- What you are asked to do:
Write the data below out exactly as it stands. Do not include the pictures.

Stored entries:
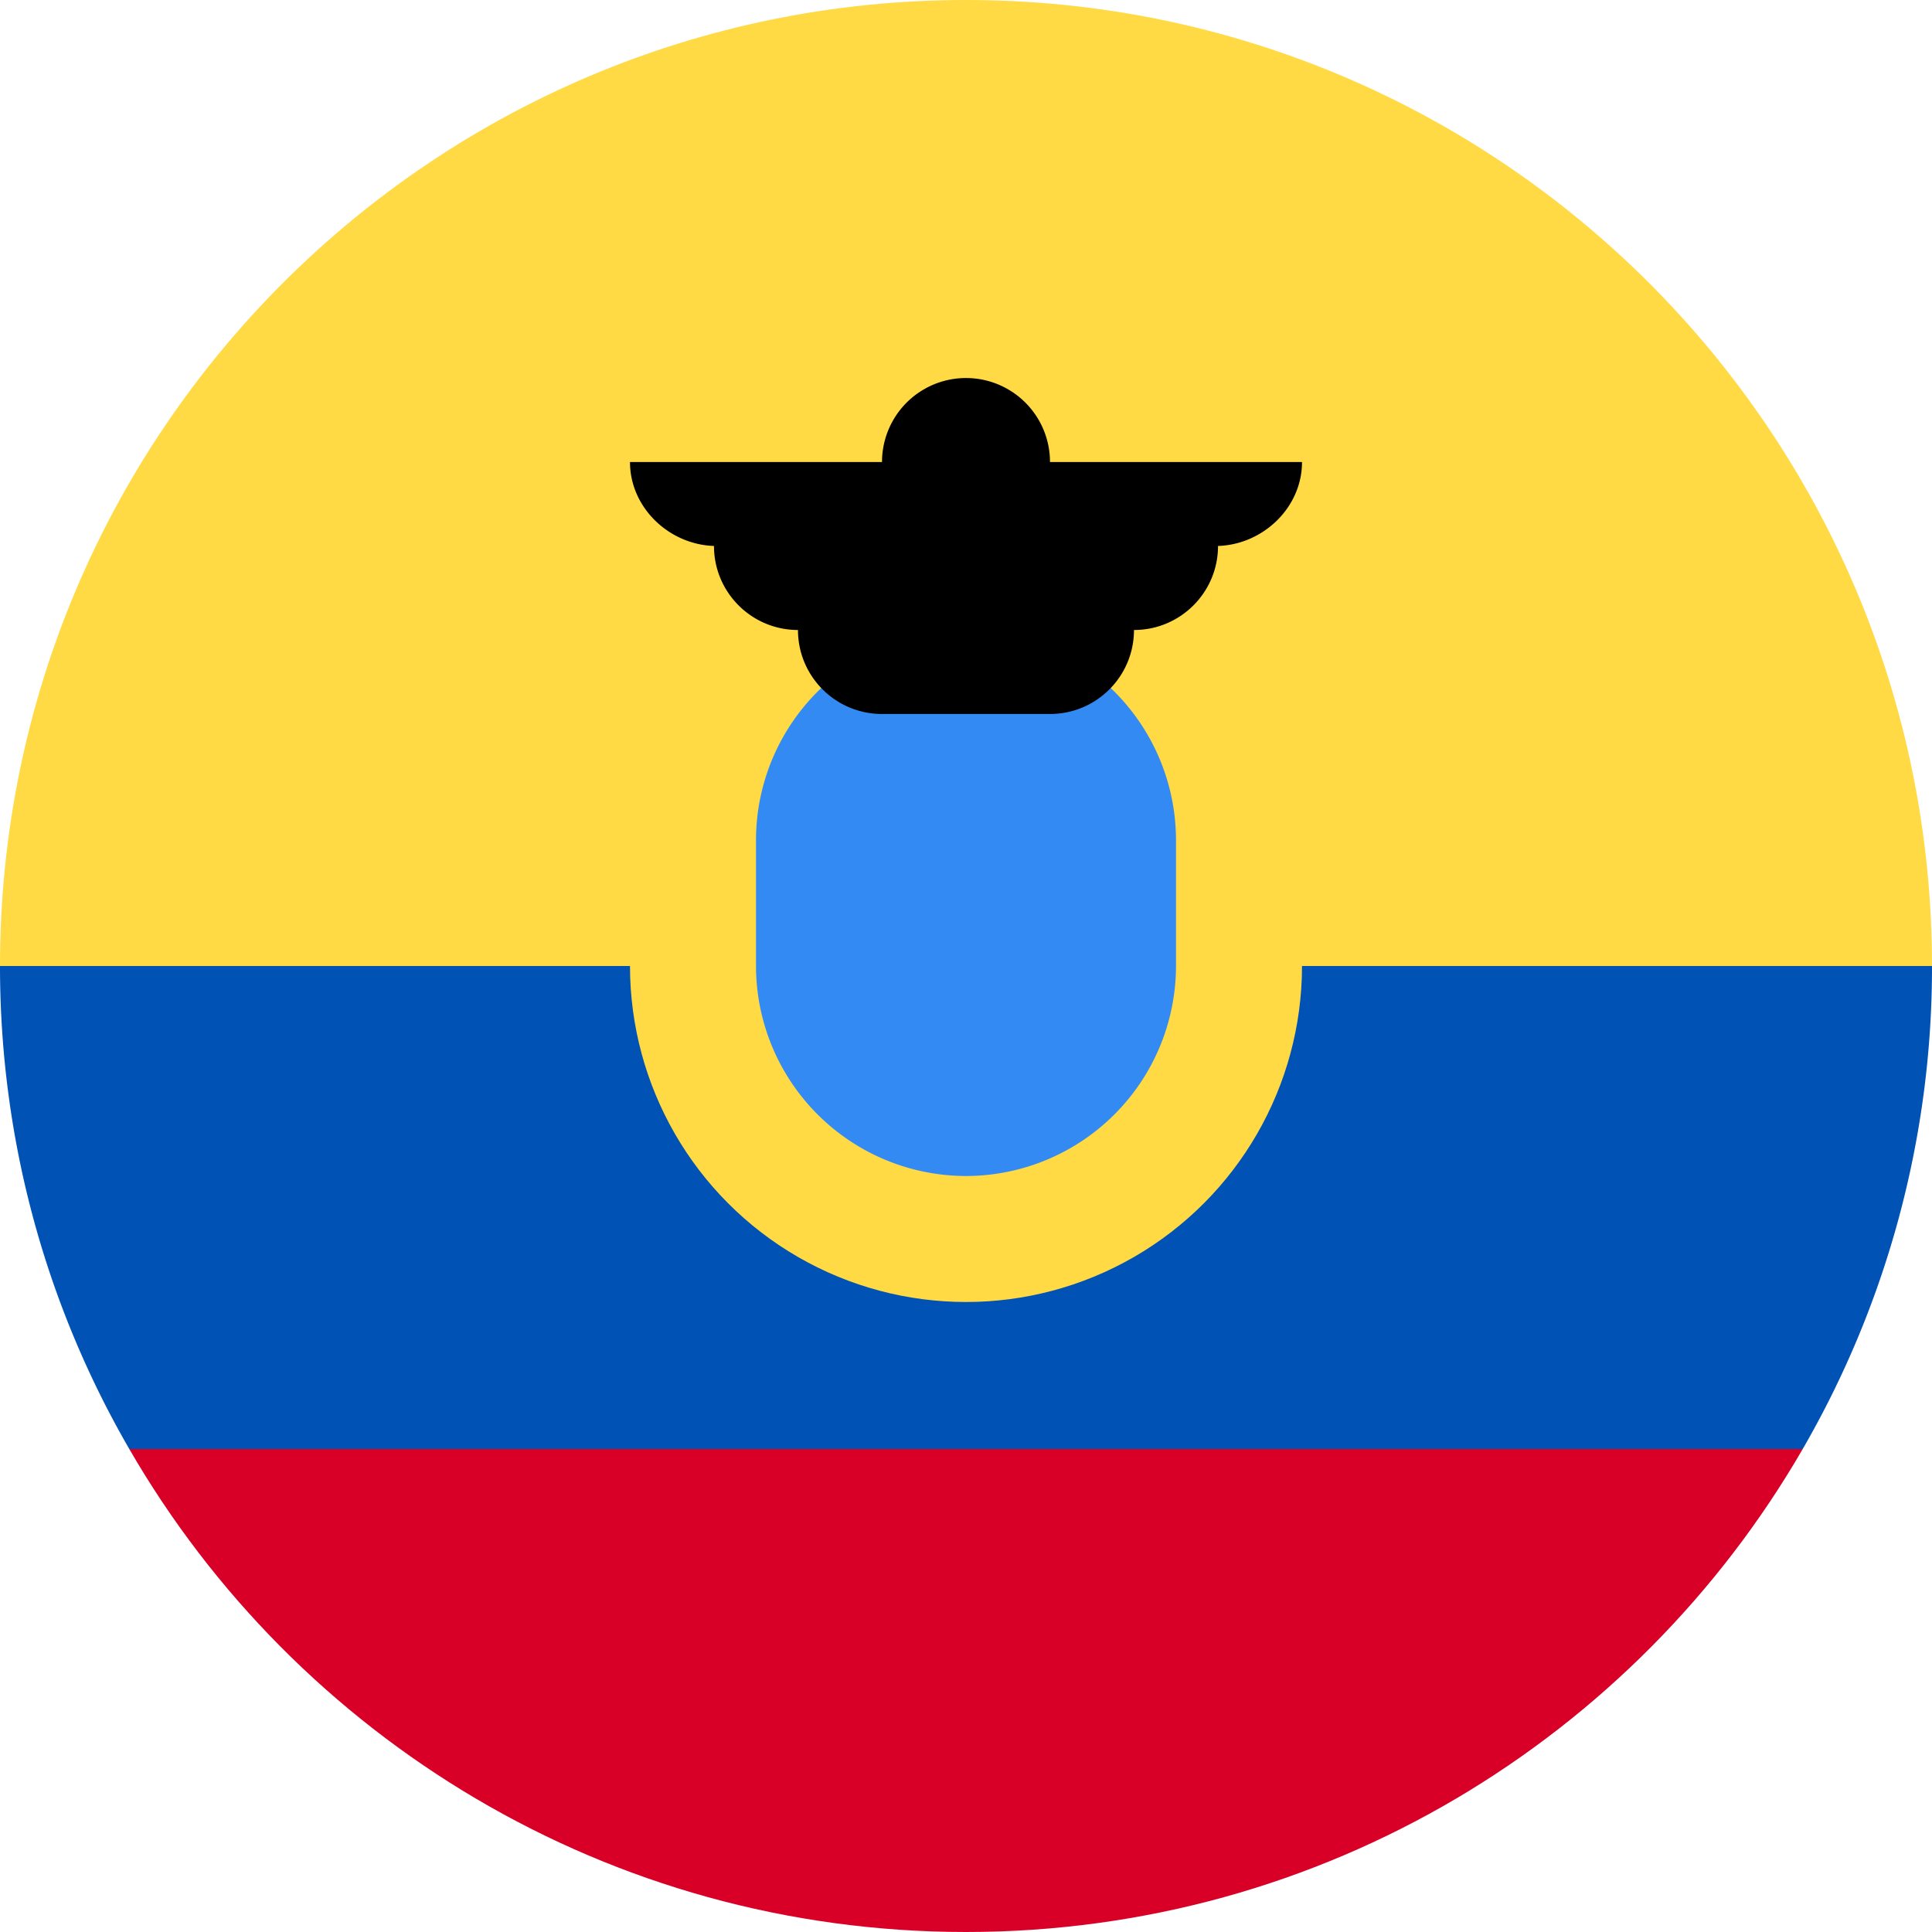 <svg width="36" height="36" viewBox="0 0 36 36" xmlns="http://www.w3.org/2000/svg">
    <g fill-rule="nonzero" fill="none">
        <path d="M0 18C0 8.059 8.059 0 18 0s18 8.059 18 18l-18 1.565L0 18z" fill="#FFDA44"/>
        <path d="M2.409 27C5.52 32.38 11.338 36 18 36c6.662 0 12.479-3.62 15.591-9L18 25.826 2.409 27z" fill="#D80027"/>
        <path d="M33.591 27A17.917 17.917 0 0 0 36 18H0c0 3.279.877 6.352 2.409 9H33.59z" fill="#0052B4"/>
        <circle fill="#FFDA44" cx="18" cy="18" r="6.261"/>
        <path d="M18 21.913A3.917 3.917 0 0 1 14.087 18v-2.348A3.917 3.917 0 0 1 18 11.74a3.918 3.918 0 0 1 3.913 3.913V18A3.917 3.917 0 0 1 18 21.913z" fill="#338AF3"/>
        <path d="M24.26 8.609h-4.695a1.565 1.565 0 0 0-3.13 0h-4.696c0 .864.753 1.565 1.617 1.565h-.052c0 .864.701 1.565 1.565 1.565 0 .865.701 1.565 1.566 1.565h3.13c.865 0 1.565-.7 1.565-1.565.865 0 1.566-.7 1.566-1.565h-.052c.864 0 1.617-.7 1.617-1.565z" fill="#000"/>
    </g>
</svg>

- Solution for this task:
 <svg width="36" height="36" viewBox="0 0 36 36" xmlns="http://www.w3.org/2000/svg">
    <g fill-rule="nonzero" fill="none">
        <path d="M0 18C0 8.059 8.059 0 18 0s18 8.059 18 18l-18 1.565L0 18z" fill="#FFDA44"/>
        <path d="M2.409 27C5.52 32.38 11.338 36 18 36c6.662 0 12.479-3.62 15.591-9L18 25.826 2.409 27z" fill="#D80027"/>
        <path d="M33.591 27A17.917 17.917 0 0 0 36 18H0c0 3.279.877 6.352 2.409 9H33.59z" fill="#0052B4"/>
        <circle fill="#FFDA44" cx="18" cy="18" r="6.261"/>
        <path d="M18 21.913A3.917 3.917 0 0 1 14.087 18v-2.348A3.917 3.917 0 0 1 18 11.74a3.918 3.918 0 0 1 3.913 3.913V18A3.917 3.917 0 0 1 18 21.913z" fill="#338AF3"/>
        <path d="M24.26 8.609h-4.695a1.565 1.565 0 0 0-3.13 0h-4.696c0 .864.753 1.565 1.617 1.565h-.052c0 .864.701 1.565 1.565 1.565 0 .865.701 1.565 1.566 1.565h3.13c.865 0 1.565-.7 1.565-1.565.865 0 1.566-.7 1.566-1.565h-.052c.864 0 1.617-.7 1.617-1.565z" fill="#000"/>
    </g>
</svg>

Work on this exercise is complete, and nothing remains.